The task calls for each record to be given again exactly.

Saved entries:

Segment Open

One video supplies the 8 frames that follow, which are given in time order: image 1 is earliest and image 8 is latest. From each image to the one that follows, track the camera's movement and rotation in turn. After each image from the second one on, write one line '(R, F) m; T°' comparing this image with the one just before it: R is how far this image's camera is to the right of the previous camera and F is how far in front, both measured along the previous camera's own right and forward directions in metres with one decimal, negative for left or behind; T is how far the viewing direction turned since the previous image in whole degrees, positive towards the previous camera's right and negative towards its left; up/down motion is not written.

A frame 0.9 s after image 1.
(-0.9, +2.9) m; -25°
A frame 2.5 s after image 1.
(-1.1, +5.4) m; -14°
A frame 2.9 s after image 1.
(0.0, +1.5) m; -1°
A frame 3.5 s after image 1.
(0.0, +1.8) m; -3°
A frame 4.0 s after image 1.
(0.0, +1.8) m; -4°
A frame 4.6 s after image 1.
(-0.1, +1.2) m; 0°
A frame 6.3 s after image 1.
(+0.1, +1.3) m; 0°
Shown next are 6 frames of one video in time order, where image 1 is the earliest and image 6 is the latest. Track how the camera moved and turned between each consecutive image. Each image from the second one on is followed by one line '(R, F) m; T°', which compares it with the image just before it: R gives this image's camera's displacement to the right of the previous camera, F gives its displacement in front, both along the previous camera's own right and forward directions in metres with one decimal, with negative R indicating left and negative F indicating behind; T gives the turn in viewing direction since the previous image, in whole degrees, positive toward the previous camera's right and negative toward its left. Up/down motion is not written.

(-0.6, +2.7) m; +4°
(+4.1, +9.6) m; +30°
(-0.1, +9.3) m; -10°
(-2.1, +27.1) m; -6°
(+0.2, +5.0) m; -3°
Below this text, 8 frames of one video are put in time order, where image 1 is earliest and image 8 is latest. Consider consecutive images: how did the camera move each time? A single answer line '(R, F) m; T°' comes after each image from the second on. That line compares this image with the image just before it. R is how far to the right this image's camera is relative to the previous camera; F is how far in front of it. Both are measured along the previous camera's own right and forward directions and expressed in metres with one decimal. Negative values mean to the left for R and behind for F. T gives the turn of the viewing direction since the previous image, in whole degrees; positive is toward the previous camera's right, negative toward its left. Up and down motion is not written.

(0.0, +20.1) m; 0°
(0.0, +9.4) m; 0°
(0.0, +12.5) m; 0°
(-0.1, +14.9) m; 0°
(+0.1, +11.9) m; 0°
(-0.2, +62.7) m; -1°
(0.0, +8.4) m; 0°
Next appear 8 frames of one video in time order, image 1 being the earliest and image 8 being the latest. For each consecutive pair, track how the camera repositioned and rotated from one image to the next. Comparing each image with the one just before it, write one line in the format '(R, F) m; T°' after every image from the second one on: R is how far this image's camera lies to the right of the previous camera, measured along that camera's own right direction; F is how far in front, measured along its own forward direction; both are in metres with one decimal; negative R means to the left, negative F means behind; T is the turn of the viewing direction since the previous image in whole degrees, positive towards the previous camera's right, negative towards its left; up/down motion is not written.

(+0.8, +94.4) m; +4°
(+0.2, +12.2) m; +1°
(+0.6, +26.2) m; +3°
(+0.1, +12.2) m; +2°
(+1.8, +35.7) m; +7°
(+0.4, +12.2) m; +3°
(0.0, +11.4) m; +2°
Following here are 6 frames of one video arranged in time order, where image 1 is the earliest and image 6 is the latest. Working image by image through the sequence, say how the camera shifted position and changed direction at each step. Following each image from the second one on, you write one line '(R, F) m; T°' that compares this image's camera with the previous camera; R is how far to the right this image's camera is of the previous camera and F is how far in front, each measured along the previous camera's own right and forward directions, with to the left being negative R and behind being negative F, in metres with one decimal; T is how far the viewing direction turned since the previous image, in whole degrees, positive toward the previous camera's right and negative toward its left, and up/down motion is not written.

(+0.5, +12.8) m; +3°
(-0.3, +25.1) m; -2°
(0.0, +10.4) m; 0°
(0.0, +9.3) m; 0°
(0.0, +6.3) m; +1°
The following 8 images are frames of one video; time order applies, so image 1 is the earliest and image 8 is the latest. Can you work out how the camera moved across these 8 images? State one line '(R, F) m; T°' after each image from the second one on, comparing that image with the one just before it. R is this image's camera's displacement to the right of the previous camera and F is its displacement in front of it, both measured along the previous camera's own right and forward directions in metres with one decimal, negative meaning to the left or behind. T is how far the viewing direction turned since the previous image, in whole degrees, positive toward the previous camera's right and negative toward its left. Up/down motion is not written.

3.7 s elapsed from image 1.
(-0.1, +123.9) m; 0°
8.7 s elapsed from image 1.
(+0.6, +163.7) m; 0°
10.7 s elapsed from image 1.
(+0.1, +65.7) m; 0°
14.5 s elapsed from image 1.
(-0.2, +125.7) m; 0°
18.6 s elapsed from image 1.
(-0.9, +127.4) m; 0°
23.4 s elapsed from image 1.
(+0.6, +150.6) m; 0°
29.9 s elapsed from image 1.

Segment Closed

◆ ANSWER
One video supplies the 8 frames that follow, which are given in time order: image 1 is earliest and image 8 is latest. From each image to the one that follows, track the camera's movement and rotation in turn. After each image from the second one on, write one line '(R, F) m; T°' comparing this image with the one just before it: R is how far this image's camera is to the right of the previous camera and F is how far in front, both measured along the previous camera's own right and forward directions in metres with one decimal, negative for left or behind; T is how far the viewing direction turned since the previous image in whole degrees, positive towards the previous camera's right and negative towards its left; up/down motion is not written.

A frame 0.9 s after image 1.
(-0.9, +2.9) m; -25°
A frame 2.5 s after image 1.
(-1.1, +5.4) m; -14°
A frame 2.9 s after image 1.
(0.0, +1.5) m; -1°
A frame 3.5 s after image 1.
(0.0, +1.8) m; -3°
A frame 4.0 s after image 1.
(0.0, +1.8) m; -4°
A frame 4.6 s after image 1.
(-0.1, +1.2) m; 0°
A frame 6.3 s after image 1.
(+0.1, +1.3) m; 0°
Shown next are 6 frames of one video in time order, where image 1 is the earliest and image 6 is the latest. Track how the camera moved and turned between each consecutive image. Each image from the second one on is followed by one line '(R, F) m; T°', which compares it with the image just before it: R gives this image's camera's displacement to the right of the previous camera, F gives its displacement in front, both along the previous camera's own right and forward directions in metres with one decimal, with negative R indicating left and negative F indicating behind; T gives the turn in viewing direction since the previous image, in whole degrees, positive toward the previous camera's right and negative toward its left. Up/down motion is not written.

(-0.6, +2.7) m; +4°
(+4.1, +9.6) m; +30°
(-0.1, +9.3) m; -10°
(-2.1, +27.1) m; -6°
(+0.2, +5.0) m; -3°
Below this text, 8 frames of one video are put in time order, where image 1 is earliest and image 8 is latest. Consider consecutive images: how did the camera move each time? A single answer line '(R, F) m; T°' comes after each image from the second on. That line compares this image with the image just before it. R is how far to the right this image's camera is relative to the previous camera; F is how far in front of it. Both are measured along the previous camera's own right and forward directions and expressed in metres with one decimal. Negative values mean to the left for R and behind for F. T gives the turn of the viewing direction since the previous image, in whole degrees; positive is toward the previous camera's right, negative toward its left. Up and down motion is not written.

(0.0, +20.1) m; 0°
(0.0, +9.4) m; 0°
(0.0, +12.5) m; 0°
(-0.1, +14.9) m; 0°
(+0.1, +11.9) m; 0°
(-0.2, +62.7) m; -1°
(0.0, +8.4) m; 0°
Next appear 8 frames of one video in time order, image 1 being the earliest and image 8 being the latest. For each consecutive pair, track how the camera repositioned and rotated from one image to the next. Comparing each image with the one just before it, write one line in the format '(R, F) m; T°' after every image from the second one on: R is how far this image's camera lies to the right of the previous camera, measured along that camera's own right direction; F is how far in front, measured along its own forward direction; both are in metres with one decimal; negative R means to the left, negative F means behind; T is the turn of the viewing direction since the previous image in whole degrees, positive towards the previous camera's right, negative towards its left; up/down motion is not written.

(+0.8, +94.4) m; +4°
(+0.2, +12.2) m; +1°
(+0.6, +26.2) m; +3°
(+0.1, +12.2) m; +2°
(+1.8, +35.7) m; +7°
(+0.4, +12.2) m; +3°
(0.0, +11.4) m; +2°
Following here are 6 frames of one video arranged in time order, where image 1 is the earliest and image 6 is the latest. Working image by image through the sequence, say how the camera shifted position and changed direction at each step. Following each image from the second one on, you write one line '(R, F) m; T°' that compares this image's camera with the previous camera; R is how far to the right this image's camera is of the previous camera and F is how far in front, each measured along the previous camera's own right and forward directions, with to the left being negative R and behind being negative F, in metres with one decimal; T is how far the viewing direction turned since the previous image, in whole degrees, positive toward the previous camera's right and negative toward its left, and up/down motion is not written.

(+0.5, +12.8) m; +3°
(-0.3, +25.1) m; -2°
(0.0, +10.4) m; 0°
(0.0, +9.3) m; 0°
(0.0, +6.3) m; +1°
The following 8 images are frames of one video; time order applies, so image 1 is the earliest and image 8 is the latest. Can you work out how the camera moved across these 8 images? State one line '(R, F) m; T°' after each image from the second one on, comparing that image with the one just before it. R is this image's camera's displacement to the right of the previous camera and F is its displacement in front of it, both measured along the previous camera's own right and forward directions in metres with one decimal, negative meaning to the left or behind. T is how far the viewing direction turned since the previous image, in whole degrees, positive toward the previous camera's right and negative toward its left. Up/down motion is not written.

3.7 s elapsed from image 1.
(-0.1, +123.9) m; 0°
8.7 s elapsed from image 1.
(+0.6, +163.7) m; 0°
10.7 s elapsed from image 1.
(+0.1, +65.7) m; 0°
14.5 s elapsed from image 1.
(-0.2, +125.7) m; 0°
18.6 s elapsed from image 1.
(-0.9, +127.4) m; 0°
23.4 s elapsed from image 1.
(+0.6, +150.6) m; 0°
29.9 s elapsed from image 1.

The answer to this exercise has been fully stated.